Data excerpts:
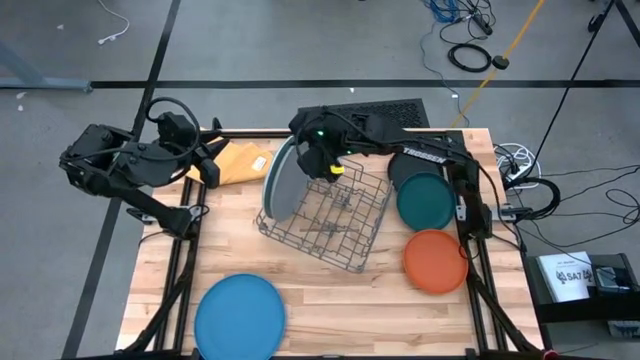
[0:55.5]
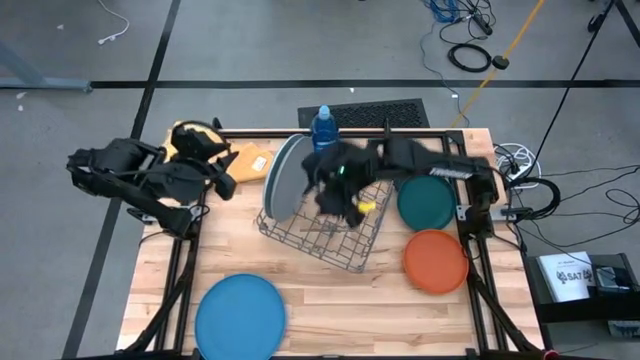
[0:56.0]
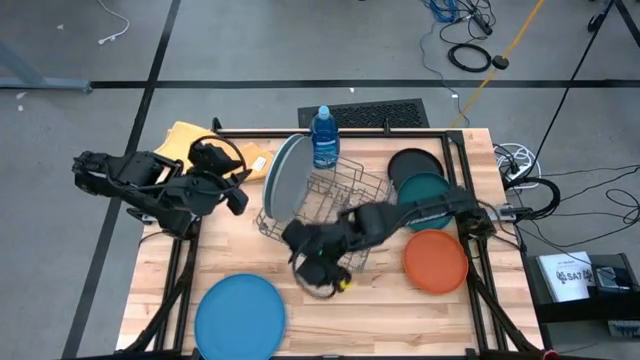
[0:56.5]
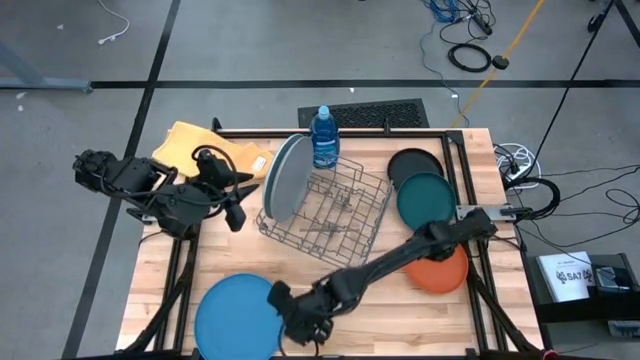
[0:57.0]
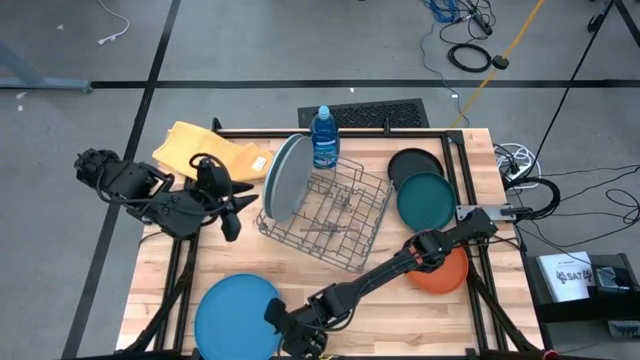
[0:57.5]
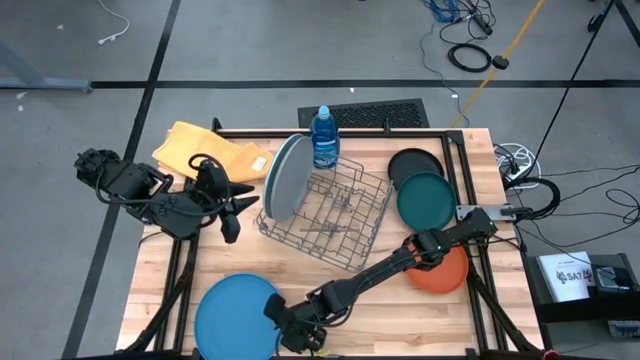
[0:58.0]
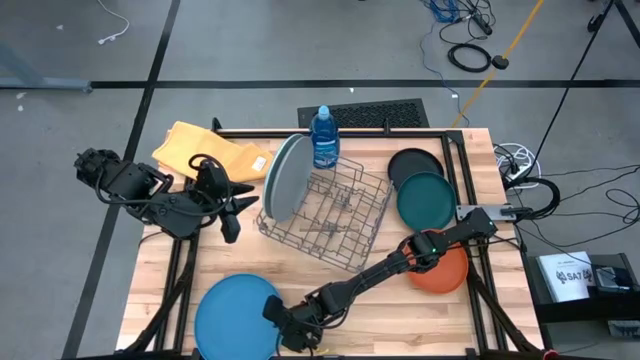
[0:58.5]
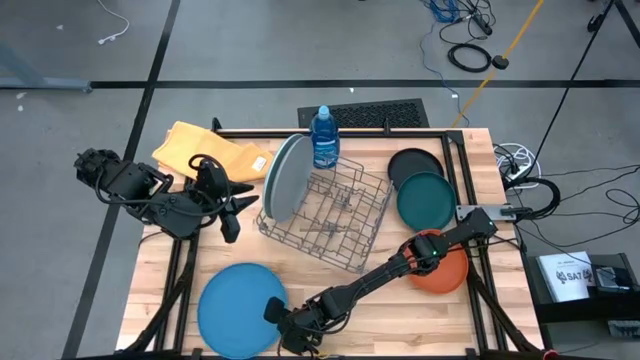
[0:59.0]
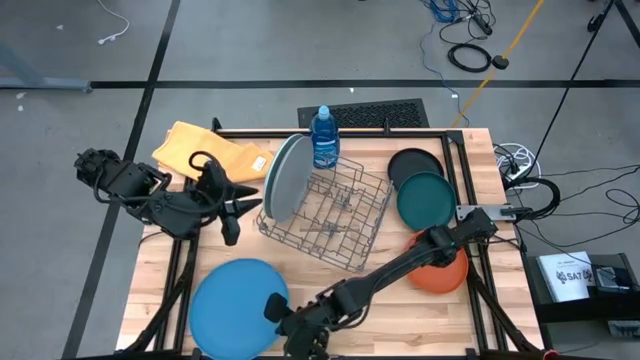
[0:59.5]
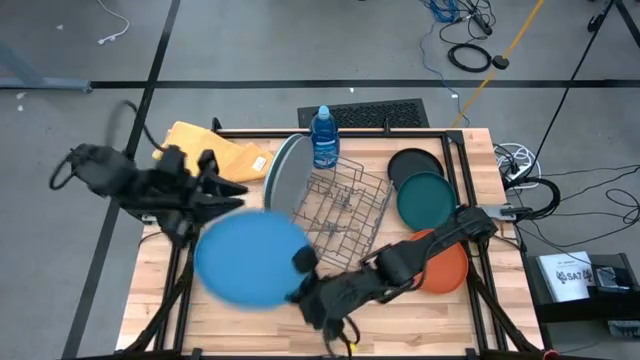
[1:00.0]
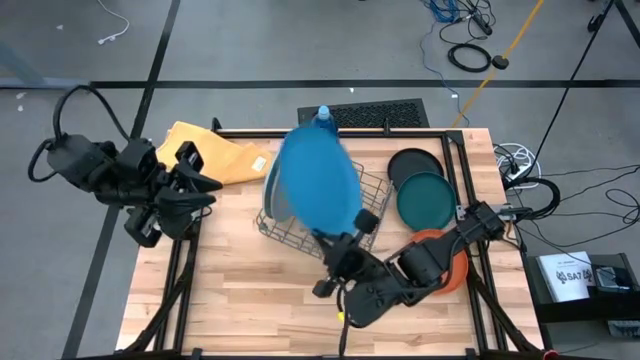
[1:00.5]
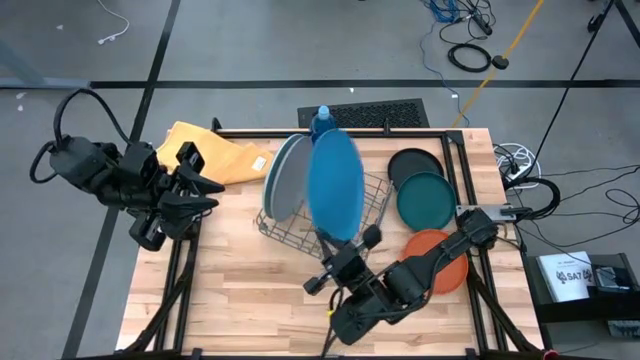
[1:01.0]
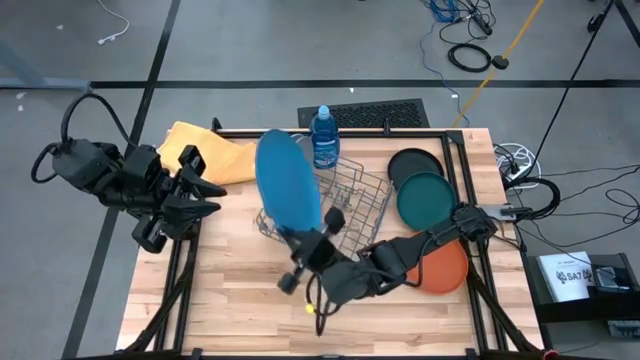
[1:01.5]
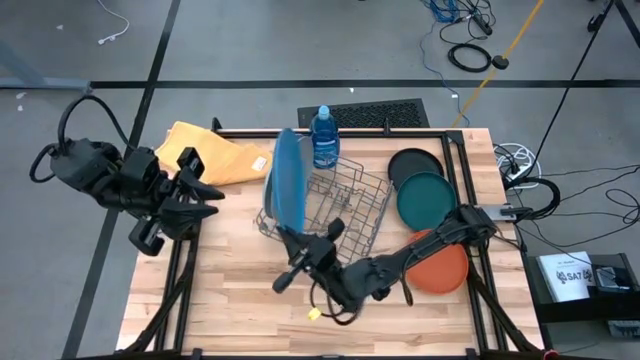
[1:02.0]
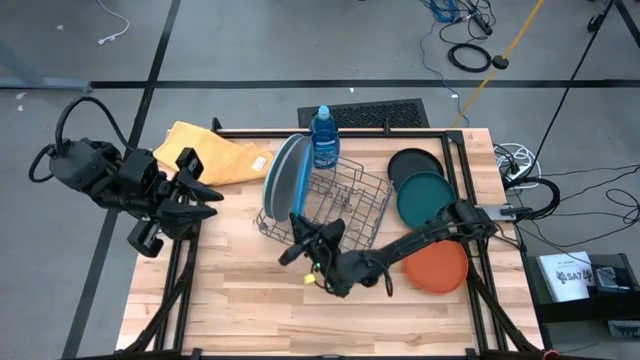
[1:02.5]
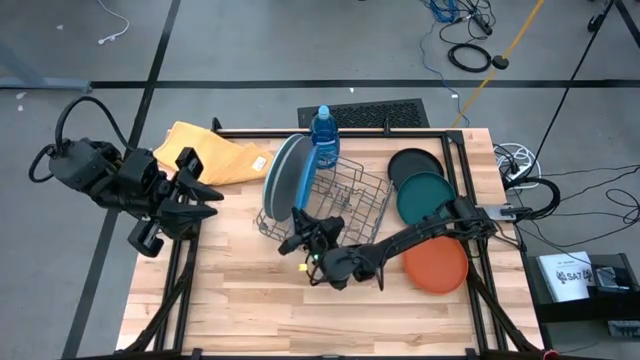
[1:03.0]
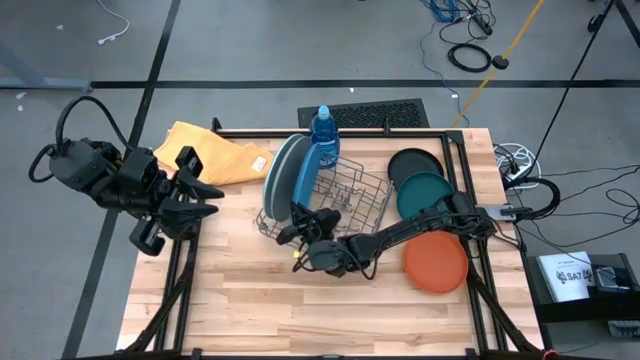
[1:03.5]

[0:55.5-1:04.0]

Task requirements: Without the pictures, return the whole of the data exactly as given.

Response below:
[0:55.5]
[0:56.0]
[0:56.5]
[0:57.0]
[0:57.5]
[0:58.0]
[0:58.5]
[0:59.0]
[0:59.5]
[1:00.0]
[1:00.5]
[1:01.0]
[1:01.5]
[1:02.0]
[1:02.5]
[1:03.0]
[1:03.5]

[0:55.5-1:04.0]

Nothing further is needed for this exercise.